- Published on
A Cross-Document Coreference Resolution Approach to Low-Resource Languages
- Authors
- Name
- Pai Buabthong
- @paippb
Theptakob, N., Seneewong Na Ayutthaya, T., Saetia, C., Chalothorn, T., Buabthong, P., "A Cross-Document Coreference Resolution Approach to Low-Resource Languages." Knowledge Science, Engineering and Management. KSEM 2023. Lecture Notes in Computer Science vol 14118, (2023). DOI: 10.1007/978-3-031-40286-9_34
tl;dr
- The paper addresses cross-document coreference resolution for low-resource languages, focusing on Thai.
- An English model based on agglomerative clustering is adapted for Thai coreference resolution.
- A method for converting Thai text into datasets similar to the ECB+ benchmark for English is introduced.
- The study compares manual and automatic span detection methods for coreference resolution.
- A fine-tuned longformer model achieves the best performance with a CoNLL F1 score of 72.87.
- The approach demonstrates improved performance in Thai coreference resolution.
- The proposed framework can potentially be extended to other low-resource languages.
Comments
- The approach is specifically designed for Thai, a low-resource language, which might limit its applicability to languages with even fewer resources or different linguistic structures.

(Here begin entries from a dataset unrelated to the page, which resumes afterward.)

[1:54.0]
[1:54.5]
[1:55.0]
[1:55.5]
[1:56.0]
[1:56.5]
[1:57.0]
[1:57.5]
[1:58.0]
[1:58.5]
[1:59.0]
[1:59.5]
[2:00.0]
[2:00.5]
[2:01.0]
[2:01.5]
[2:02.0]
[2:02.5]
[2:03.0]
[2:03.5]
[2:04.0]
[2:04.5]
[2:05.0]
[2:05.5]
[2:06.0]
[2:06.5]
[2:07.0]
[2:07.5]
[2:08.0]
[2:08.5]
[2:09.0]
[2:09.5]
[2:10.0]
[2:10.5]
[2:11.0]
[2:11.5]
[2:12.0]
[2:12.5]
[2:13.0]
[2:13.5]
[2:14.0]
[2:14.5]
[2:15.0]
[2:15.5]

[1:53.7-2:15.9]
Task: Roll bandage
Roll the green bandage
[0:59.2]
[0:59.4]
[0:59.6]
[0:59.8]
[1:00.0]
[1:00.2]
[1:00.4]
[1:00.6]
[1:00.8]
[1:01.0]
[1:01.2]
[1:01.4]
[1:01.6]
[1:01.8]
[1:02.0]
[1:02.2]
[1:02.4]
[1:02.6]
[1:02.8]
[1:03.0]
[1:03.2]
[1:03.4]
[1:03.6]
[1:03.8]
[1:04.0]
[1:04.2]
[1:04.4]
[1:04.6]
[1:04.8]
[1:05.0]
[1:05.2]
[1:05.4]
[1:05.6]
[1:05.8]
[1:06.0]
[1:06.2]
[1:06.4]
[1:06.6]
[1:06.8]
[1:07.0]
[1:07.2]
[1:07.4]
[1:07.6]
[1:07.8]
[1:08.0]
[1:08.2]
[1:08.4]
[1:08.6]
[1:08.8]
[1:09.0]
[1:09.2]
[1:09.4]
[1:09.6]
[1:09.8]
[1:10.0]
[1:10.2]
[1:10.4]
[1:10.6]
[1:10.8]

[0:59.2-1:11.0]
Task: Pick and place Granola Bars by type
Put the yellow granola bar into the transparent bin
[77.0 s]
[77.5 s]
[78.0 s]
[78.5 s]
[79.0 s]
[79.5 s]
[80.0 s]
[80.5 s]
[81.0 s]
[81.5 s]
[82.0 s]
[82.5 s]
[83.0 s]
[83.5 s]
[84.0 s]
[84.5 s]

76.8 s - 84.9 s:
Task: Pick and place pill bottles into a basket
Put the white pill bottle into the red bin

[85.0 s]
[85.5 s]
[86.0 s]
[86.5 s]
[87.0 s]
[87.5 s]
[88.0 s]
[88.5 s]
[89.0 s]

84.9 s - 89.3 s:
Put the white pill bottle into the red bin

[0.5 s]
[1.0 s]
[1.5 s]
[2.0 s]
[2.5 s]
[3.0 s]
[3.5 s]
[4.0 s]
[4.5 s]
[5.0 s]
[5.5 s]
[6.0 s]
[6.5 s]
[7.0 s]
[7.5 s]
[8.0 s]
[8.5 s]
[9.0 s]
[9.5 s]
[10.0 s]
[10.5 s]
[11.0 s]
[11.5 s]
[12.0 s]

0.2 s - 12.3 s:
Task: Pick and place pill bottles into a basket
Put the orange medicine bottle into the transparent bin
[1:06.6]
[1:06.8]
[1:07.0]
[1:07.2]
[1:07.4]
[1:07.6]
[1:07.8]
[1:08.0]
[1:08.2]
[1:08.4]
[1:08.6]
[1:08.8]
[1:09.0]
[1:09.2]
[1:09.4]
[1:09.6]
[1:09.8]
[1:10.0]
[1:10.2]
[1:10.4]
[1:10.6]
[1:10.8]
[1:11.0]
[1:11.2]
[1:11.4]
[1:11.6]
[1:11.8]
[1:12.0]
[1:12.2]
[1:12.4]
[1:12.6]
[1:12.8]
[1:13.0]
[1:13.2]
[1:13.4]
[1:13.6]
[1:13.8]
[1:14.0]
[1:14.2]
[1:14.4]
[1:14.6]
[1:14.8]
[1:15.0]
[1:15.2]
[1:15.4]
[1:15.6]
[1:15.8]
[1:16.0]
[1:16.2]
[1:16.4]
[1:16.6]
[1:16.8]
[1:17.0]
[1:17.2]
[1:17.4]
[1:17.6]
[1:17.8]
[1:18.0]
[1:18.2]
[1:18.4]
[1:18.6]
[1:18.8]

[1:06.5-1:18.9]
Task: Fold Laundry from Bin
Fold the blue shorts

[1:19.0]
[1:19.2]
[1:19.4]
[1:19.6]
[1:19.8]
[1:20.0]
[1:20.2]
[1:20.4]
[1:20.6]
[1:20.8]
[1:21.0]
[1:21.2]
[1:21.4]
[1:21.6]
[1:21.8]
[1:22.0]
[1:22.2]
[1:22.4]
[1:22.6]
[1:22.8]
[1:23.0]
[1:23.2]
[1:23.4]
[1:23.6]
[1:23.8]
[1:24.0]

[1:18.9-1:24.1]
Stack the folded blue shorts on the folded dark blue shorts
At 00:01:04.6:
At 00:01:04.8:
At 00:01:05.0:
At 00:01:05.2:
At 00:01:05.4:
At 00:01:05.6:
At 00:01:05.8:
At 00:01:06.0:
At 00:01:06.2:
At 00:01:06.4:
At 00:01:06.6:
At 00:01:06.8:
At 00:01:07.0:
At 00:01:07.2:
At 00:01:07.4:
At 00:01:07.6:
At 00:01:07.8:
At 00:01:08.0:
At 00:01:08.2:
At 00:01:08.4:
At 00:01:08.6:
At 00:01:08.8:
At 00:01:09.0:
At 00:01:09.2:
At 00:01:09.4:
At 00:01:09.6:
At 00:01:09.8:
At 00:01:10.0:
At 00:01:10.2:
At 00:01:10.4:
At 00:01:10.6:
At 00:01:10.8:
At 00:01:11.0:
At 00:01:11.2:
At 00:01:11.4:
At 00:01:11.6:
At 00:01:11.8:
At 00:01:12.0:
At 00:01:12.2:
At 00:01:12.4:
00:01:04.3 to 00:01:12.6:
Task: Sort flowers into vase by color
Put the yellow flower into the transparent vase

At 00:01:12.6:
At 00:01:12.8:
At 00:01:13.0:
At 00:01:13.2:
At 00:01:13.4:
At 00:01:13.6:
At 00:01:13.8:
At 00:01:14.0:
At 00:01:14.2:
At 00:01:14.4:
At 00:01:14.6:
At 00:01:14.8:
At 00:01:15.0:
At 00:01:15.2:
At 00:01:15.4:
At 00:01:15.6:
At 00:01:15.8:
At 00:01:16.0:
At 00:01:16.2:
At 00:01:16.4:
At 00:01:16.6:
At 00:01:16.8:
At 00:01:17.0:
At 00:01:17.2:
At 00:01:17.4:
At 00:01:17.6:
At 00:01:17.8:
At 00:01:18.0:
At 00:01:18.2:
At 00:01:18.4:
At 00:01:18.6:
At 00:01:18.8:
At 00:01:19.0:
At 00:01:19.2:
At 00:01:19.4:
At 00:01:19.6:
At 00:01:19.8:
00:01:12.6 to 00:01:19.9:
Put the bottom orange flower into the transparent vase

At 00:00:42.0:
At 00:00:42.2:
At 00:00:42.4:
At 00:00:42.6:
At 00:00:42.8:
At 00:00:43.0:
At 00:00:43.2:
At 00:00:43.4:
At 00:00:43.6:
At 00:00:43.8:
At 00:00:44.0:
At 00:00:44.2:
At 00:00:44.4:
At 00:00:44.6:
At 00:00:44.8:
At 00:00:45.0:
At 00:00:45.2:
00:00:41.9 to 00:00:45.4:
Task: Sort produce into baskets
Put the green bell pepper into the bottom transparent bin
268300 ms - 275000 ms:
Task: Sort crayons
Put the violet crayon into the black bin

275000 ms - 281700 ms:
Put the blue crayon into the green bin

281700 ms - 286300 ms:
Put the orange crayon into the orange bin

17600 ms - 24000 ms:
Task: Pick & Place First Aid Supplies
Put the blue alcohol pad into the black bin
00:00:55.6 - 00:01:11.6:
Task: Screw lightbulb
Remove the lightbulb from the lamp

- The performance of the model heavily relies on the quality and size of the datasets converted to mimic the ECB+ benchmark, which may not fully capture the nuances of the Thai language.
- The study finds that automatic span detection methods, while effective, still lag behind manual methods in accuracy, which could impact the overall coreference resolution performance.
- Adapting an English-based model to a low-resource language like Thai involves significant challenges in terms of linguistic differences, which may not be fully addressed by the current methodology.